Il n’omet de signaler qu’il n’a pas attendu une photo, terrible, pour se mobiliser. « En Mai dernier je me suis rendu en Sicile avec les représentants des Régions méditerranéennes d’Europe pour lancer la campagne « Nous sommes tous Méditerranéens » et pour discuter des défis liés aux tragédies migratoires en Méditerranée».
Sophie Camard, EELV, indique à son tour que voilà plusieurs mois que la région se mobilise «et nous étions bien seuls». «Actuellement, poursuit-elle, l’Allemagne ferme ses frontières, preuve que la solution n’est qu’européenne, or l’Europe est absente. Et on ne doit pas ignorer que notre pays est l’un des plus durs en matière d’accueil des réfugiés, 75% des demandes d’asile sont rejetées et ce droit ne donne aucune aide». Elle apprécie le fait que «de nombreux Français réalisent que la peur n’est pas une solution. Oui, la réalité rattrape les politiques, de Droite comme de Gauche et il était grand temps. Notre responsabilité, maintenant, est de coordonner les élans de générosité».

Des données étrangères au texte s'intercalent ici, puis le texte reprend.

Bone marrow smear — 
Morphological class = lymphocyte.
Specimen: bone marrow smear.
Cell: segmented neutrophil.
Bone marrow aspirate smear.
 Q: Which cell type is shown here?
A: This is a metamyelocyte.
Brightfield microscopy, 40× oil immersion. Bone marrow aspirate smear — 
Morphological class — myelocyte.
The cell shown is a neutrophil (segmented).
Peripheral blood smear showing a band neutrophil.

C’est un tout autre discours que tiendra l’intervenant suivant, Thierry de la Tocnaye (FN) qui dénoncent les migrants : «Je suis choqué que des gens préfèrent fuir que résister à Daesh». Et de jouer sur les peurs : «Il y a parmi les migrants des dizaines d’agents de Daesh et nous allons avoir des attentats à répétition».

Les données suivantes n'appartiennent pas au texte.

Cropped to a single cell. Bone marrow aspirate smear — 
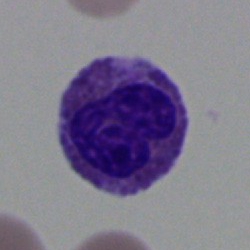
Q: What is the morphological classification of this cell?
A: Eosinophil.

«Urgence il y a et elle ne peut pas, n’en déplaise au Front National, être réglée uniquement dans les pays concernés»
Chantal Eymeoud (LR) se réjouit de la tenue de cette plénière «car urgence il y a et elle ne peut pas, n’en déplaise au Front National être réglée uniquement dans les pays concernés, ce serait trop simple et trop facile». Pour elle : «Nous savons, et l’Histoire l’a démontré, que les mouvements de population sont inévitables, tant il y a de régions dans le monde dévastées par des guerres, des pays démolis par des guerres civiles, par la misère qui concerne tant de peuples sur une planète menacée par le réchauffement climatique et où les inégalités entre riches et pauvres se creusent dans des proportions indécentes». Elle considère: «Aujourd’hui, il y a urgence car la guerre en Syrie, la situation en Irak, la progression barbare et exterminatrice de Daesh et un terrorisme meurtrier nous met au pied du mur. Notre pays, notre Région au carrefour de la méditerranée ont à la fois le devoir moral et l’obligation éthique d’apporter des solutions.»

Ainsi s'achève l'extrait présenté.